WHAT TO WORK ON = For this exercise, repeat the records below exactly and omit every picture.

Top of STUDY MATERIAL

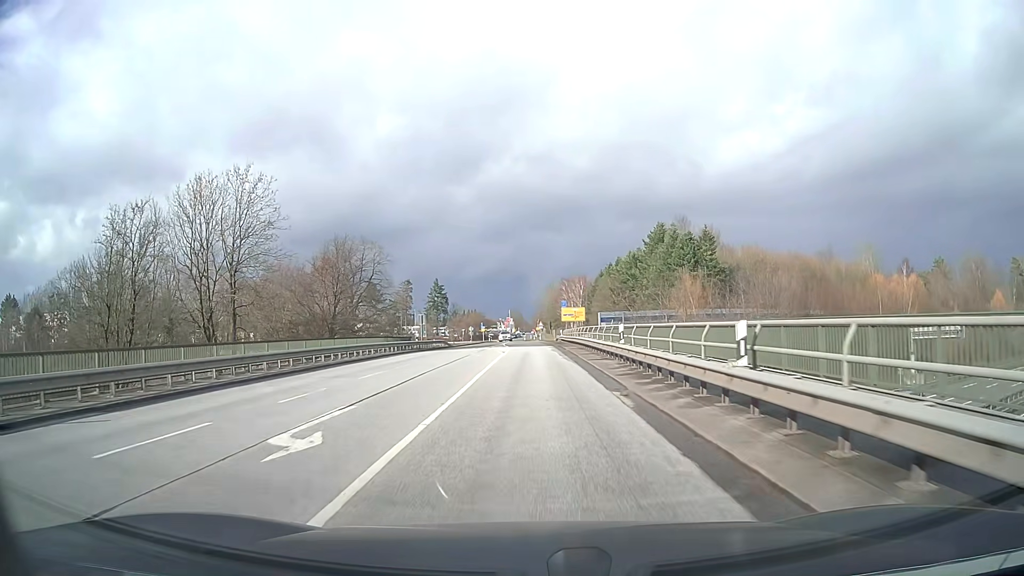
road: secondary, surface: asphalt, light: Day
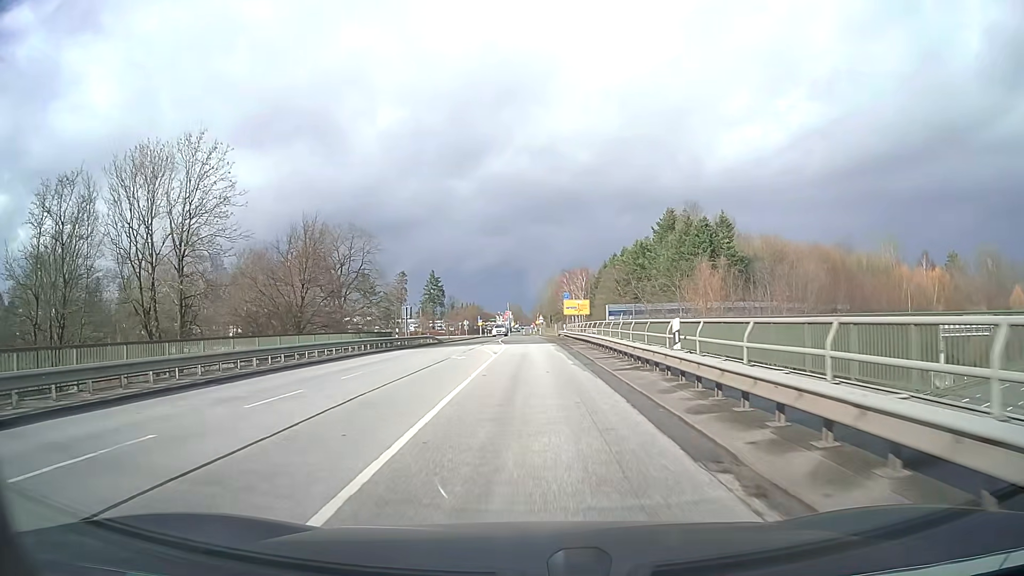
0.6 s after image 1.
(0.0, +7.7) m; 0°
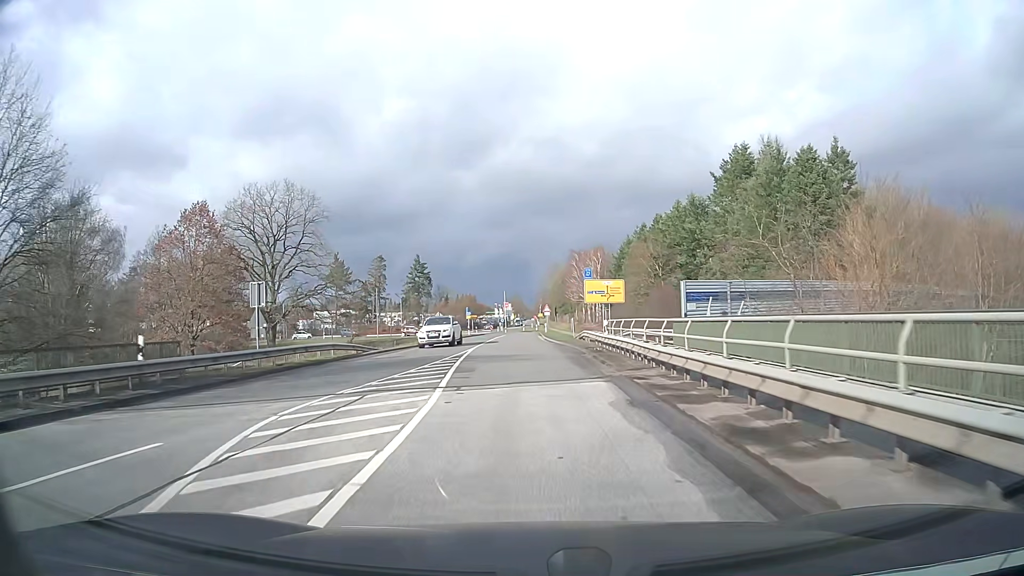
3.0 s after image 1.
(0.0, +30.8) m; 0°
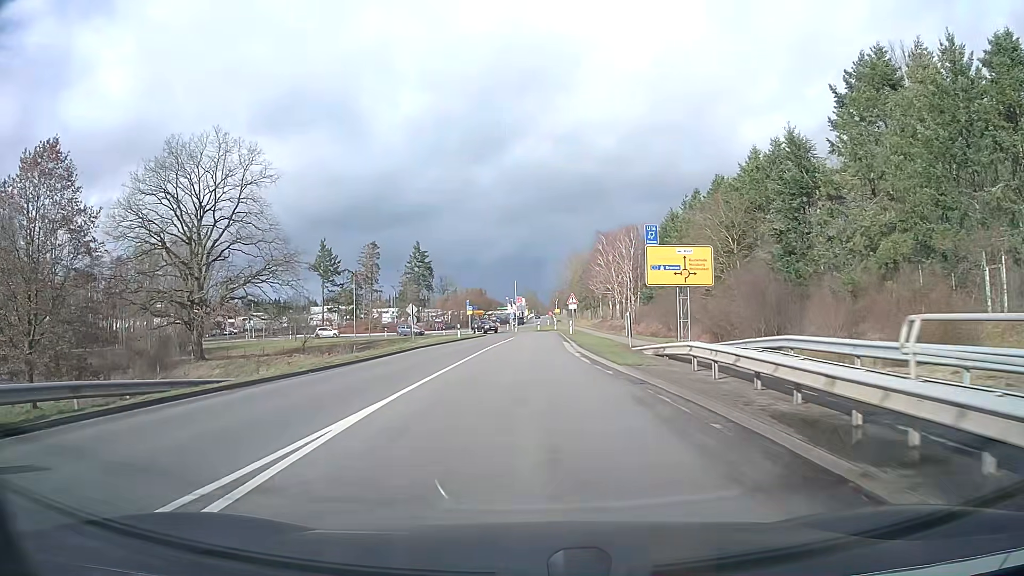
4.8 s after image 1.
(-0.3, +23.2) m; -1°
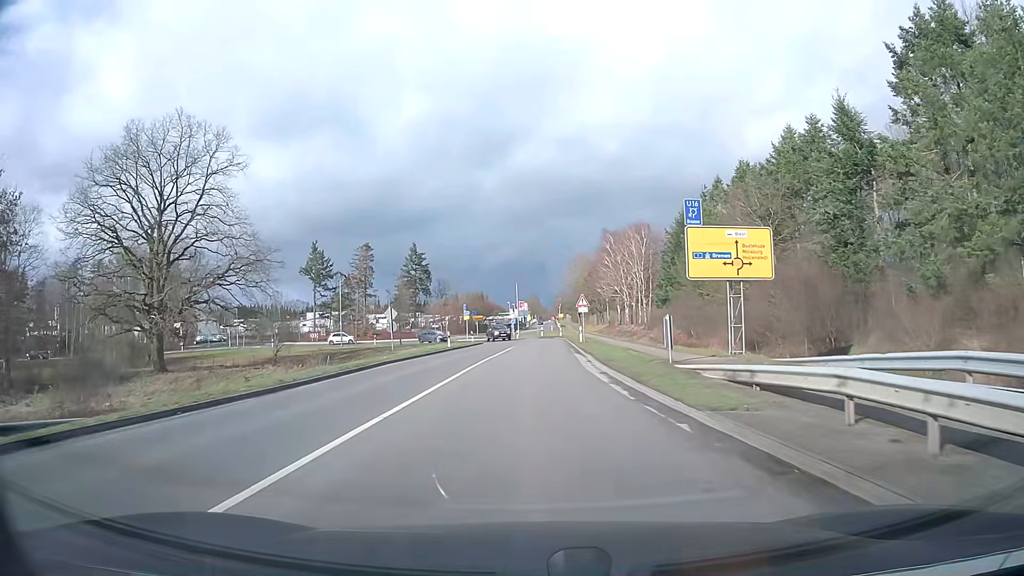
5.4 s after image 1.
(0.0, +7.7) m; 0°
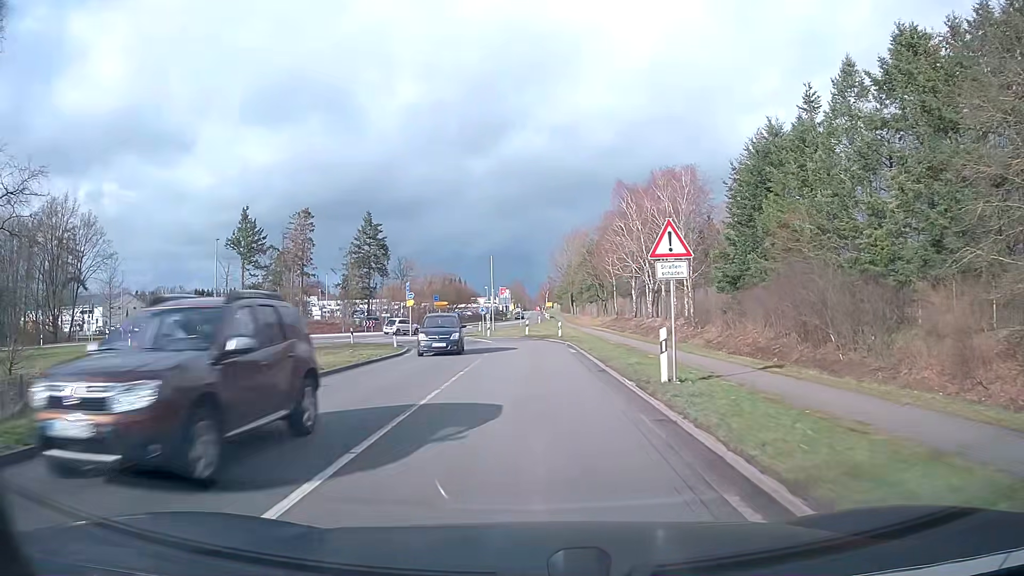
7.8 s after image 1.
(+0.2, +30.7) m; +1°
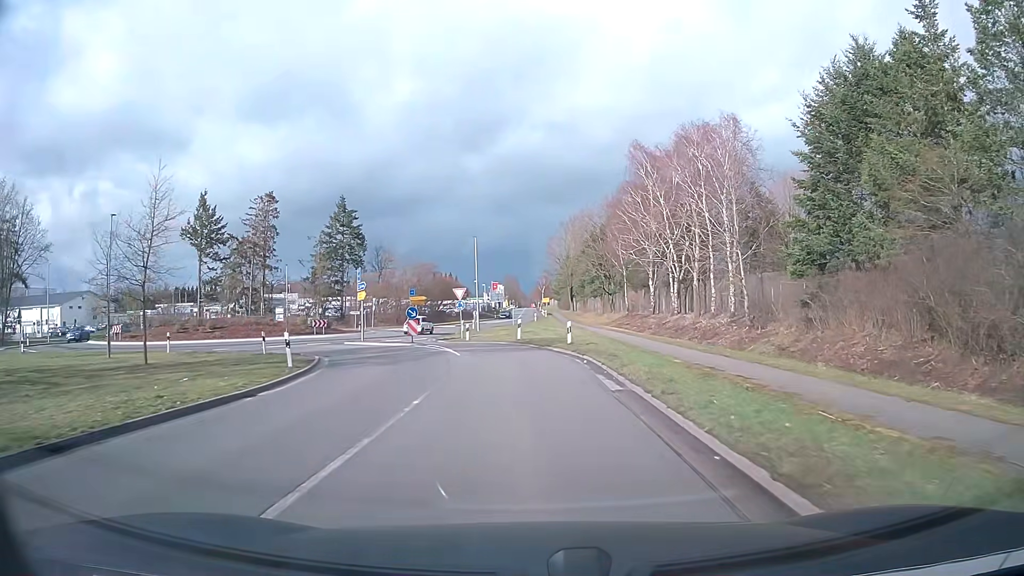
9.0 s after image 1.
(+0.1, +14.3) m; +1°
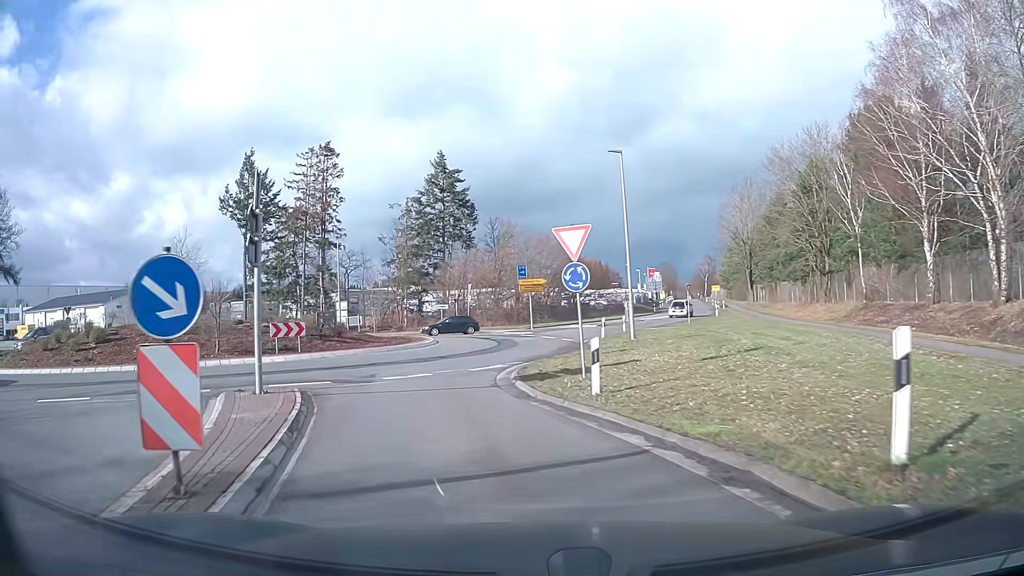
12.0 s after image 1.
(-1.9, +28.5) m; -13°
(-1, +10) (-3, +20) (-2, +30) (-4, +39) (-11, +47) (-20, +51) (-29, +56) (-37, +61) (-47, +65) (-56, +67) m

Bottom of STUDY MATERIAL

ANSWER TO THIS TASK =
road: secondary, surface: asphalt, light: Day
0.6 s after image 1.
(0.0, +7.7) m; 0°
3.0 s after image 1.
(0.0, +30.8) m; 0°
4.8 s after image 1.
(-0.3, +23.2) m; -1°
5.4 s after image 1.
(0.0, +7.7) m; 0°
7.8 s after image 1.
(+0.2, +30.7) m; +1°
9.0 s after image 1.
(+0.1, +14.3) m; +1°
12.0 s after image 1.
(-1.9, +28.5) m; -13°
(-1, +10) (-3, +20) (-2, +30) (-4, +39) (-11, +47) (-20, +51) (-29, +56) (-37, +61) (-47, +65) (-56, +67) m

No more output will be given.